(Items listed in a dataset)
= = = = =
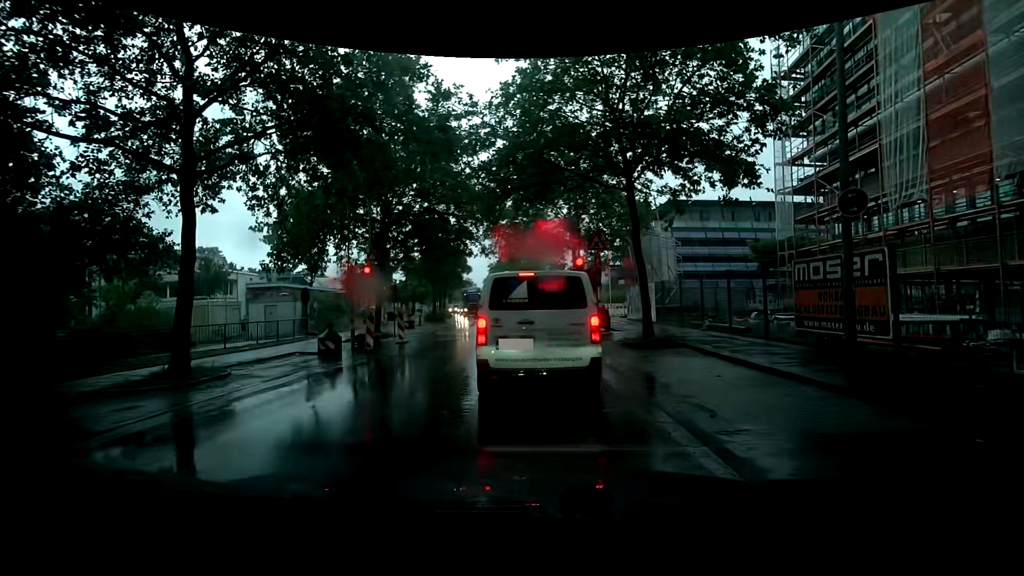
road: tertiary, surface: asphalt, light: Day
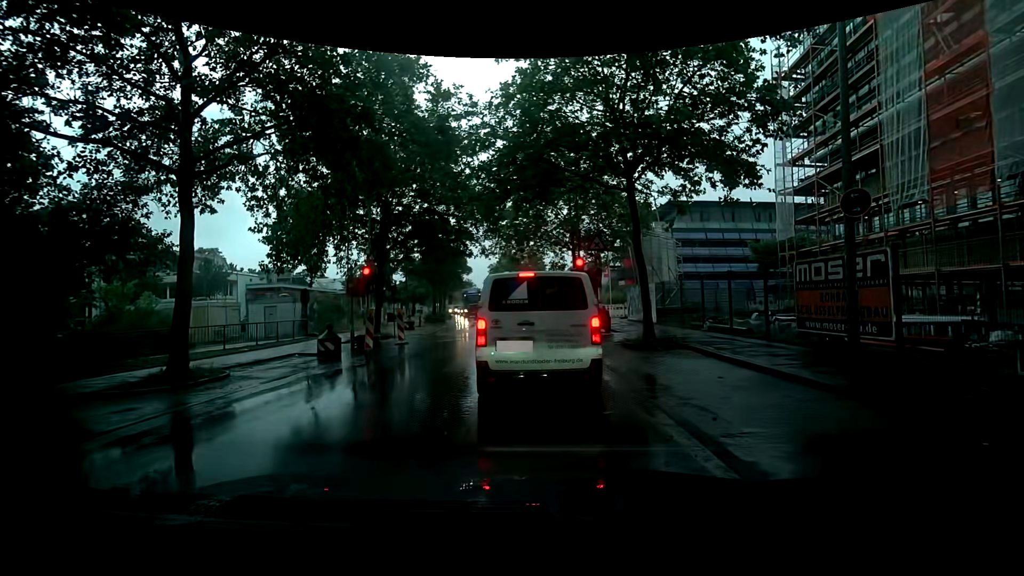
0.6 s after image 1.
(0.0, +0.1) m; 0°
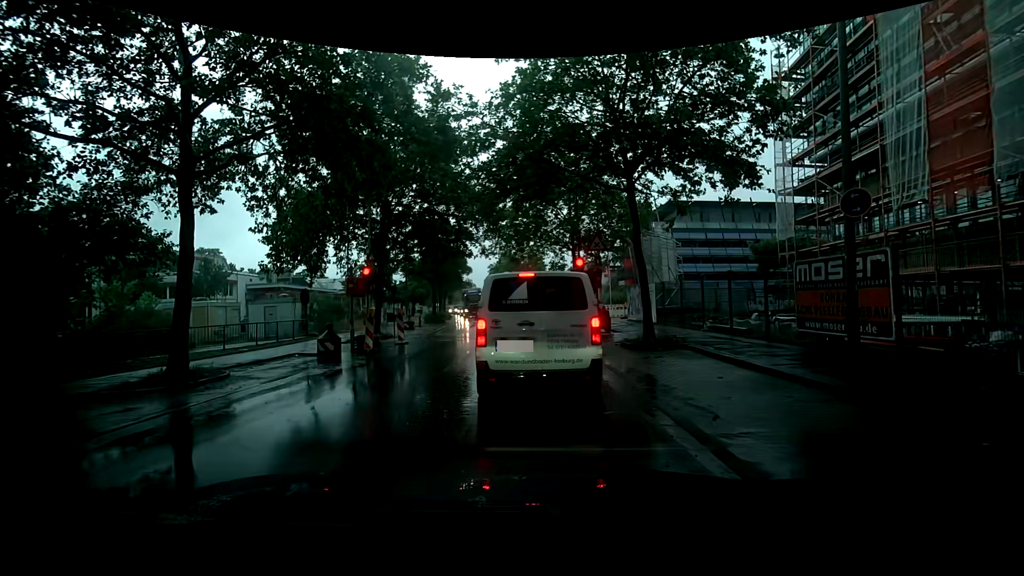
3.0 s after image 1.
(0.0, +0.1) m; 0°
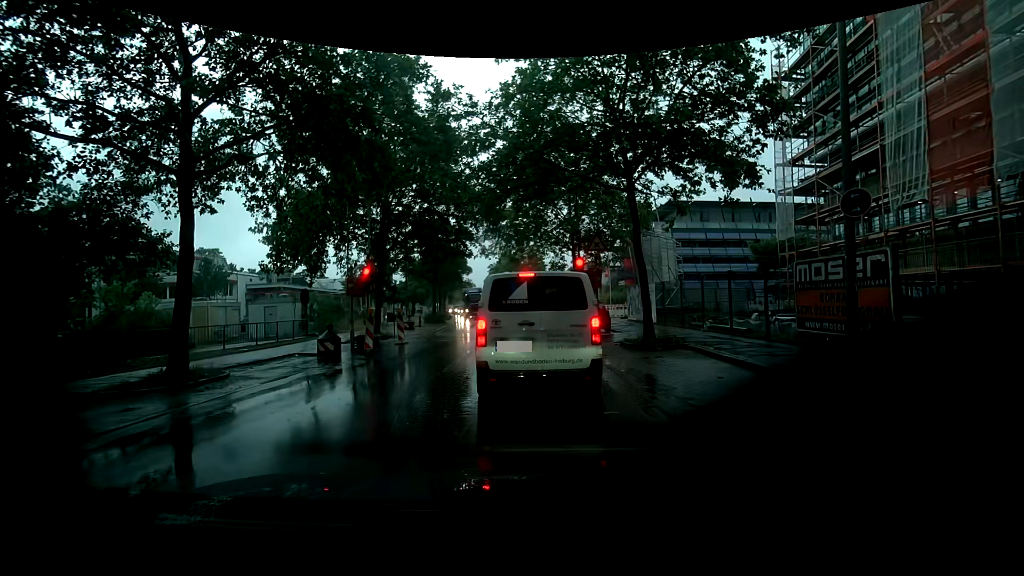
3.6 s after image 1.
(0.0, 0.0) m; 0°
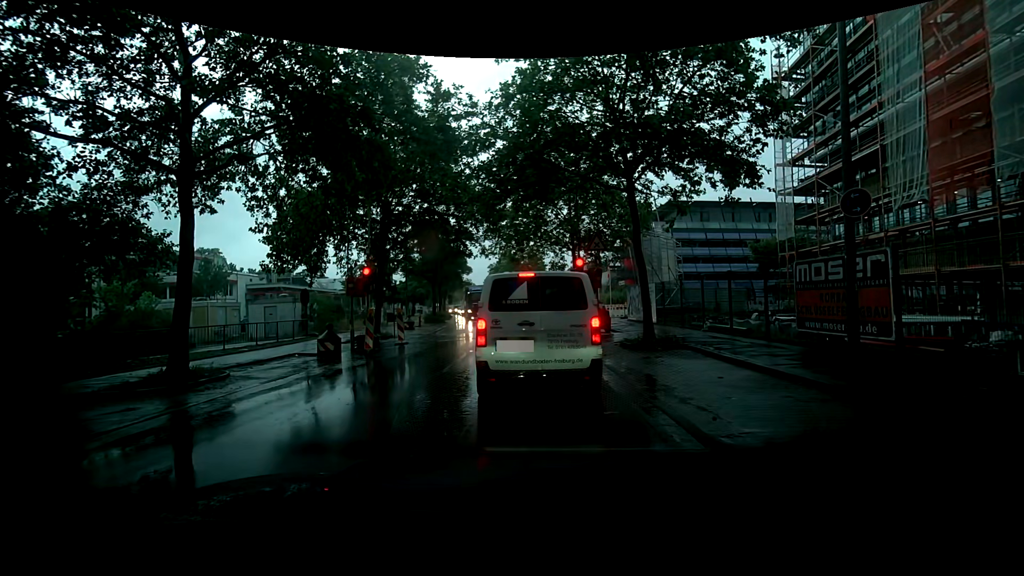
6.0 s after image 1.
(0.0, 0.0) m; 0°
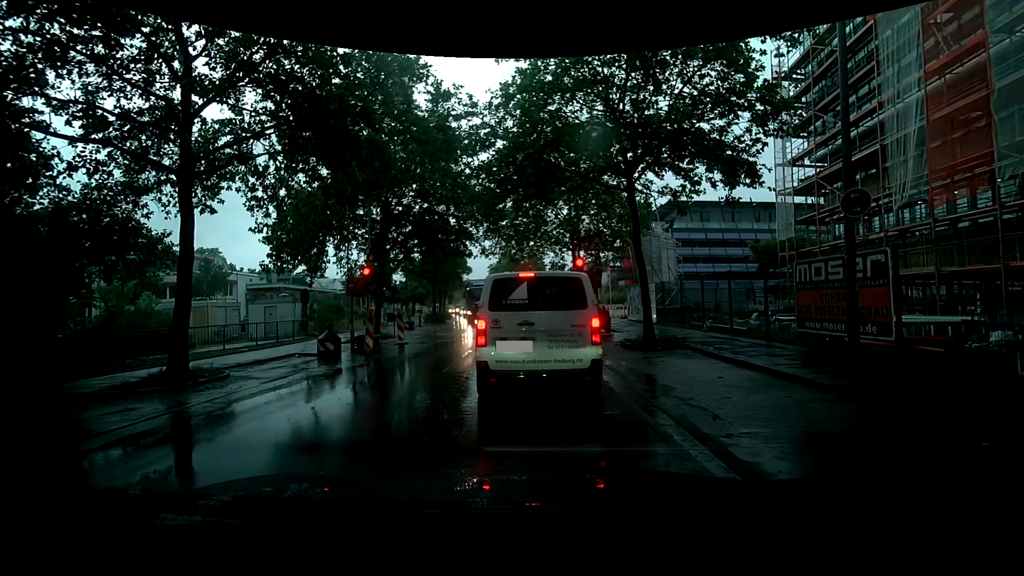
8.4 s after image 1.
(0.0, 0.0) m; 0°
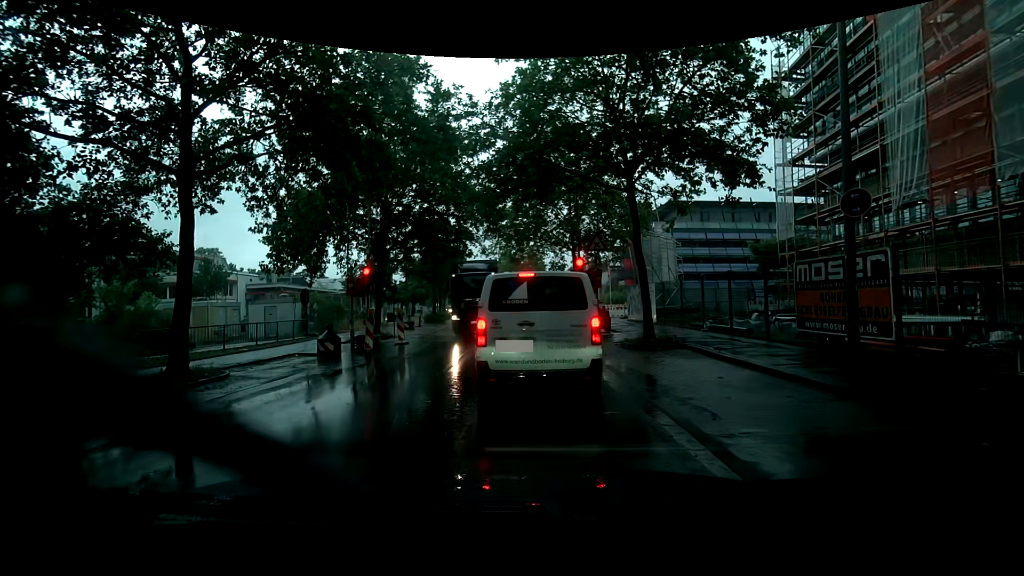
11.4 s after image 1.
(0.0, 0.0) m; 0°
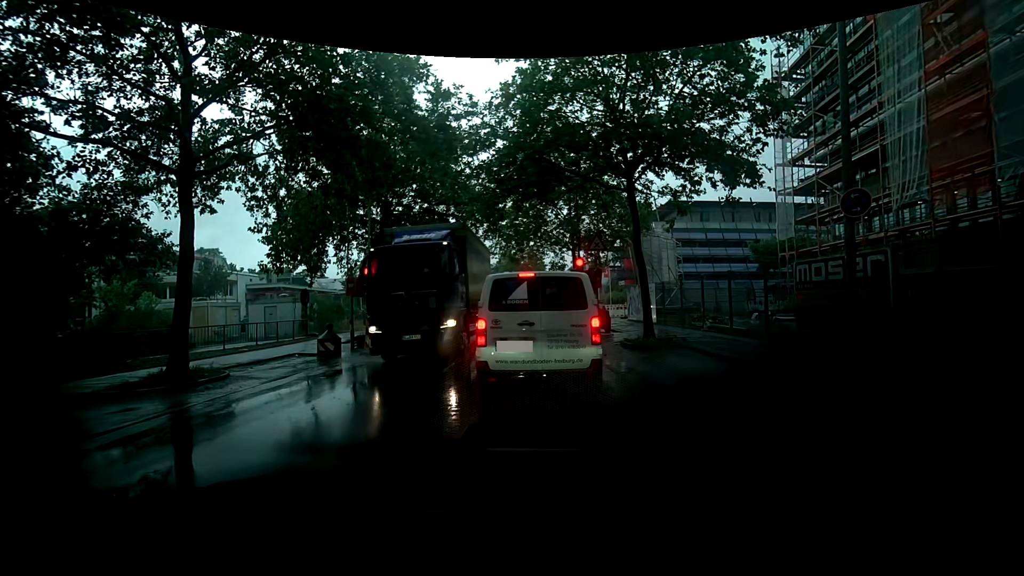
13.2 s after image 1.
(0.0, 0.0) m; 0°
= = = = =
### WHAT IS REQUIRED
From the line with "3.0 s after image 1." to the last line above, restate each line word for word, but skip the pictures.

### ANSWER SPACE
3.0 s after image 1.
(0.0, +0.1) m; 0°
3.6 s after image 1.
(0.0, 0.0) m; 0°
6.0 s after image 1.
(0.0, 0.0) m; 0°
8.4 s after image 1.
(0.0, 0.0) m; 0°
11.4 s after image 1.
(0.0, 0.0) m; 0°
13.2 s after image 1.
(0.0, 0.0) m; 0°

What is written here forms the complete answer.